Data extracted from a collection:
§ §
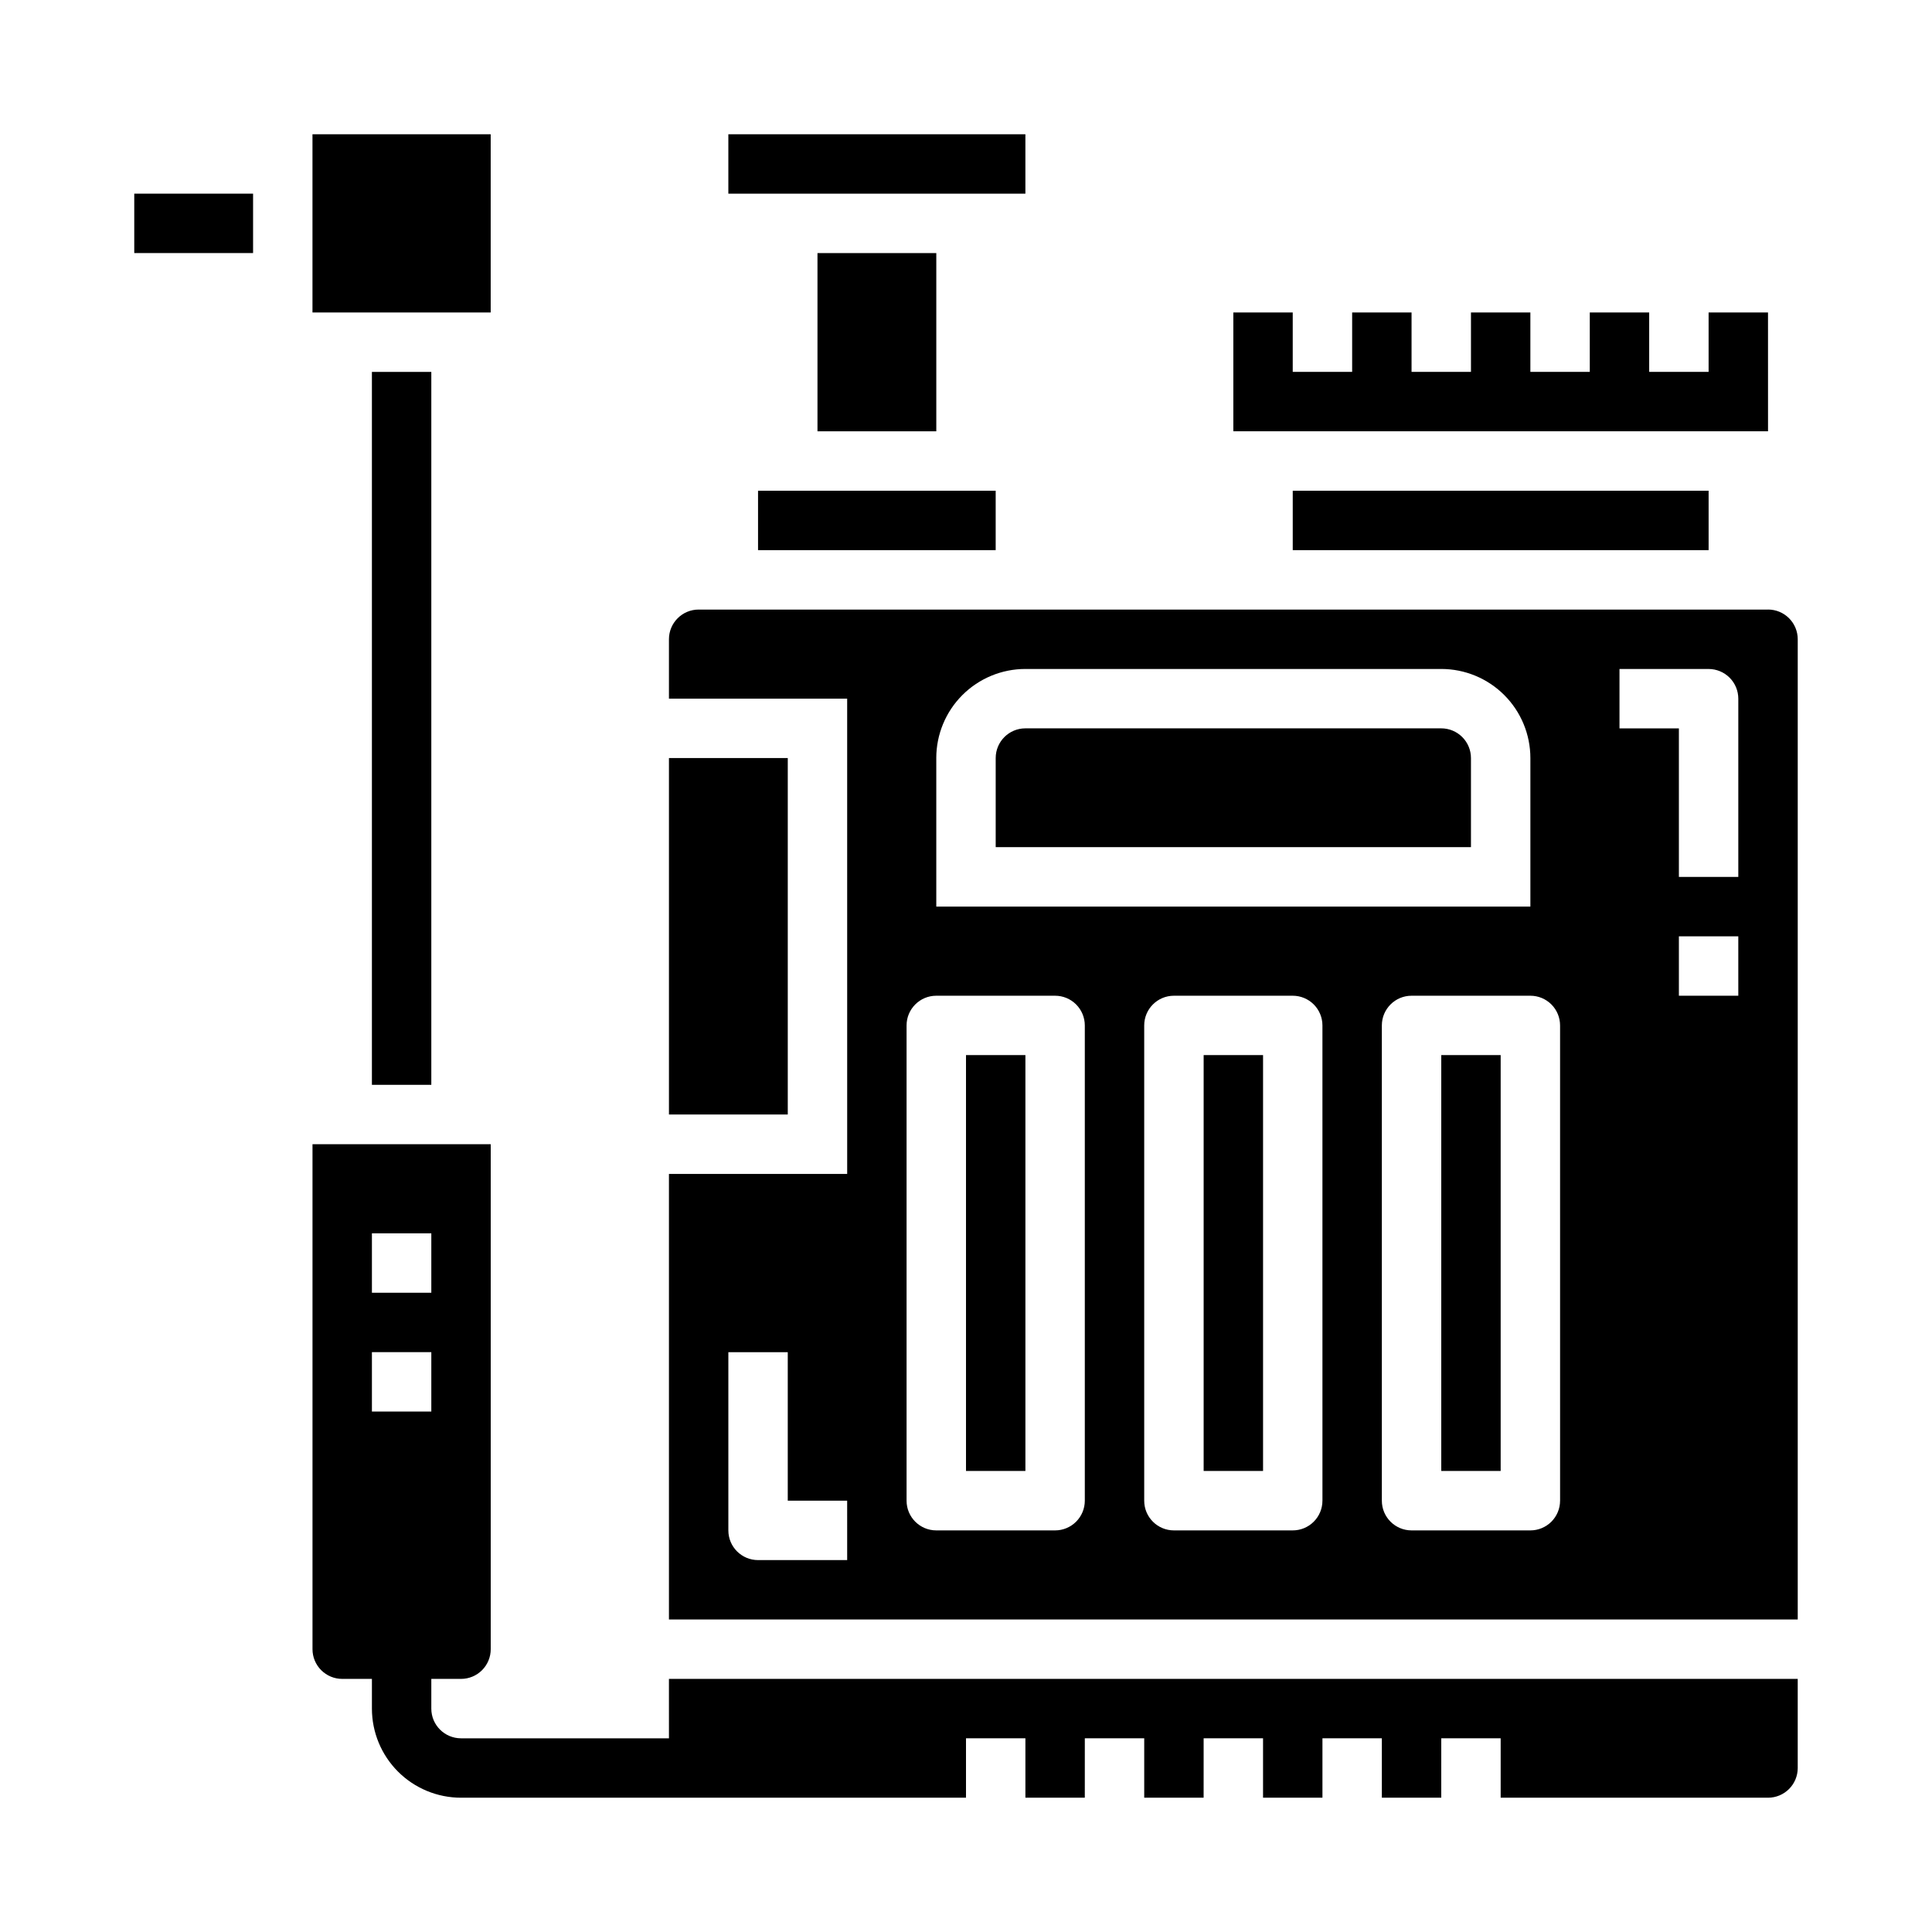 <?xml version="1.0" encoding="UTF-8"?>
<!-- Uploaded to: ICON Repo, www.svgrepo.com, Generator: ICON Repo Mixer Tools -->
<svg fill="#000000" width="800px" height="800px" version="1.1" viewBox="144 144 512 512" xmlns="http://www.w3.org/2000/svg">
 <g>
  <path d="m179.58 195.32h31.488v15.742h-31.488z"/>
  <path d="m321.28 344.89h31.488v94.465h-31.488z"/>
  <path d="m226.81 179.58h47.23v47.23h-47.23z"/>
  <path d="m242.56 242.56h15.742v188.93h-15.742z"/>
  <path d="m486.59 274.05h110.21v15.742h-110.21z"/>
  <path d="m321.28 604.67h-55.102c-4.348 0-7.875-3.523-7.875-7.871v-7.875h7.875c2.086 0 4.09-0.828 5.566-2.305 1.473-1.477 2.305-3.477 2.305-5.566v-133.82h-47.234v133.82c0 2.09 0.832 4.09 2.309 5.566 1.477 1.477 3.477 2.305 5.566 2.305h7.871v7.875c0 6.262 2.488 12.27 6.918 16.699 4.426 4.426 10.434 6.914 16.699 6.914h133.82v-15.742h15.742v15.742h15.742l0.004-15.742h15.742v15.742h15.742l0.004-15.742h15.742v15.742h15.742v-15.742h15.742v15.742h15.742l0.004-15.742h15.742v15.742h70.852c2.09 0 4.09-0.828 5.566-2.305s2.305-3.477 2.305-5.566v-23.617h-299.14zm-78.719-133.82h15.742v15.742h-15.742zm0 31.488h15.742v15.742h-15.742z"/>
  <path d="m612.54 226.81h-15.742v15.746h-15.746v-15.746h-15.742v15.746h-15.746v-15.746h-15.742v15.746h-15.746v-15.746h-15.742v15.746h-15.746v-15.746h-15.742v31.488h141.7z"/>
  <path d="m344.89 274.05h62.977v15.742h-62.977z"/>
  <path d="m360.64 211.07h31.488v47.23h-31.488z"/>
  <path d="m337.02 179.58h78.719v15.742h-78.719z"/>
  <path d="m462.98 423.61h15.742v110.21h-15.742z"/>
  <path d="m400 423.61h15.742v110.21h-15.742z"/>
  <path d="m525.95 423.61h15.742v110.21h-15.742z"/>
  <path d="m612.54 305.54h-283.39c-4.348 0-7.871 3.523-7.871 7.871v15.742h47.23l0.004 125.95h-47.234v118.08h299.14v-259.78c0-2.086-0.828-4.09-2.305-5.566-1.477-1.477-3.477-2.305-5.566-2.305zm-244.03 251.9h-23.617c-4.348 0-7.871-3.523-7.871-7.871v-47.23h15.742v39.359h15.742zm23.617-212.54h-0.004c0-6.262 2.488-12.27 6.918-16.699 4.43-4.43 10.438-6.918 16.699-6.918h110.21c6.266 0 12.273 2.488 16.699 6.918 4.43 4.43 6.918 10.438 6.918 16.699v39.359h-157.44zm39.359 196.8c0 2.086-0.832 4.09-2.309 5.566-1.477 1.477-3.477 2.305-5.566 2.305h-31.488c-4.348 0-7.871-3.523-7.871-7.871v-125.95c0-4.348 3.523-7.871 7.871-7.871h31.488c2.09 0 4.09 0.828 5.566 2.305 1.477 1.477 2.309 3.481 2.309 5.566zm62.977 0h-0.004c0 2.086-0.828 4.09-2.305 5.566-1.477 1.477-3.477 2.305-5.566 2.305h-31.488c-4.348 0-7.871-3.523-7.871-7.871v-125.95c0-4.348 3.523-7.871 7.871-7.871h31.488c2.09 0 4.09 0.828 5.566 2.305 1.477 1.477 2.305 3.481 2.305 5.566zm62.977 0h-0.004c0 2.086-0.828 4.09-2.305 5.566-1.477 1.477-3.477 2.305-5.566 2.305h-31.488c-4.348 0-7.871-3.523-7.871-7.871v-125.95c0-4.348 3.523-7.871 7.871-7.871h31.488c2.09 0 4.09 0.828 5.566 2.305 1.477 1.477 2.305 3.481 2.305 5.566zm47.23-133.82h-15.746v-15.746h15.742zm0-31.488h-15.746v-39.359h-15.742v-15.746h23.617c2.086 0 4.09 0.832 5.566 2.305 1.473 1.477 2.305 3.481 2.305 5.566z"/>
  <path d="m525.95 337.02h-110.21c-4.348 0-7.871 3.523-7.871 7.871v23.617h125.95v-23.617c0-2.09-0.832-4.09-2.309-5.566s-3.477-2.305-5.566-2.305z"/>
 </g>
</svg>
§ §
What you are asked to do:
Set down, exactly as they stand above, the lines starting with the line with "<!-- Uploaded to: ICON" and going on through the line with "0-7.875-3.523-7.875-7.871v-7.875h7.875c2.086 0 4.09-0.828", and no others.

Problem solution:
<!-- Uploaded to: ICON Repo, www.svgrepo.com, Generator: ICON Repo Mixer Tools -->
<svg fill="#000000" width="800px" height="800px" version="1.1" viewBox="144 144 512 512" xmlns="http://www.w3.org/2000/svg">
 <g>
  <path d="m179.58 195.32h31.488v15.742h-31.488z"/>
  <path d="m321.28 344.89h31.488v94.465h-31.488z"/>
  <path d="m226.81 179.58h47.23v47.23h-47.23z"/>
  <path d="m242.56 242.56h15.742v188.93h-15.742z"/>
  <path d="m486.59 274.05h110.21v15.742h-110.21z"/>
  <path d="m321.28 604.67h-55.102c-4.348 0-7.875-3.523-7.875-7.871v-7.875h7.875c2.086 0 4.09-0.828 5.566-2.305 1.473-1.477 2.305-3.477 2.305-5.566v-133.82h-47.234v133.82c0 2.09 0.832 4.09 2.309 5.566 1.477 1.477 3.477 2.305 5.566 2.305h7.871v7.875c0 6.262 2.488 12.27 6.918 16.699 4.426 4.426 10.434 6.914 16.699 6.914h133.82v-15.742h15.742v15.742h15.742l0.004-15.742h15.742v15.742h15.742l0.004-15.742h15.742v15.742h15.742v-15.742h15.742v15.742h15.742l0.004-15.742h15.742v15.742h70.852c2.09 0 4.09-0.828 5.566-2.305s2.305-3.477 2.305-5.566v-23.617h-299.14zm-78.719-133.82h15.742v15.742h-15.742zm0 31.488h15.742v15.742h-15.742z"/>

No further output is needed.